By 1900, most major urban areas in the United States, Europe, and Japan had a mix of public, municipally owned utilities and private electric companies. The public utilities usually provided electricity for streetlights and trolley cars, while private companies electrified homes and businesses with lighting.
Insull, an entrepreneur in Chicago, quickly transformed the nascent electric utility industry in 1903. Insull deployed for the first time both steam turbines and alternating current transformers, which radically changed the economies of scale for power production. This system of electricity production and distribution quickly proved to be a natural technological monopoly. It was not possible—because of the nature of the technology and its cost—for multiple competitors to exist in the same market. Private power companies located in the same city quickly consolidated or went out of business, usually leaving only one electric power provider in the area. As a consequence, political control of electric companies was quickly instituted. Between 1907 and 1914, 45 states began regulating private electric companies as monopolies, with policies affecting rates, territories, and terms of service. Federal regulation began in 1935.
Other landmark developments ensured that the electricity infrastructure was accessible throughout the country because of its critical role in economic development and quality of life. These included the Rural Electrification Act of 1936 and the gradual interconnection of all utility power transmission and distribution lines into three large regional power grids, a process that was largely complete by the 1960s. Among the world’s wealthiest nations, historical patterns of electrification and electricity use largely followed that seen in the United States, primarily because many of these countries experienced the second Industrial Revolution at approximately the same time. In all nations, large urban areas receive electricity first, with rural areas lagging considerably behind.

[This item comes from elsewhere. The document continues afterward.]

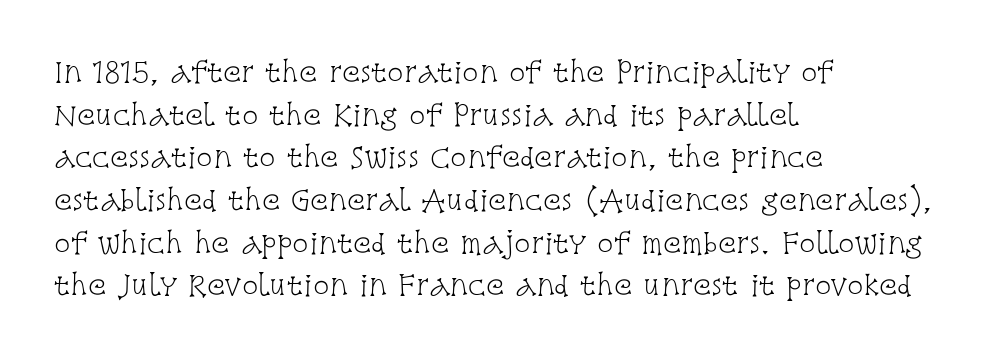
The ragged edge is on the right, which tells us the setting is flush left. Vertical strokes here are truly vertical. Heaviness? Minimal to ordinary, like unemphasized prose. Lines of text with bare space underneath.

At the start of the twenty-first century, access to electricity was nearly universal in industrialized nations and widespread even in many developing countries; however, some nations, mostly concentrated in South Asia and Sub-Saharan Africa, continued to struggle with high levels of energy poverty. The International Energy Agency (IEA) estimated that 1.2 billion people lacked access to electricity in 2010; this number fell to 775 million by the start of 2023. While this represented significant progress in the fight against energy poverty and a meaningful expansion of electricity access in some of the world's least-developed regions, some experts felt that this progress fell short of what would be required to meet the United Nations' goal of universal worldwide electricity access by 2030. To address this ongoing gap in a sustainable manner, many environmentalists, economists, and other experts pushed for greater investments in the green energy sector and direct foreign aid to developing countries.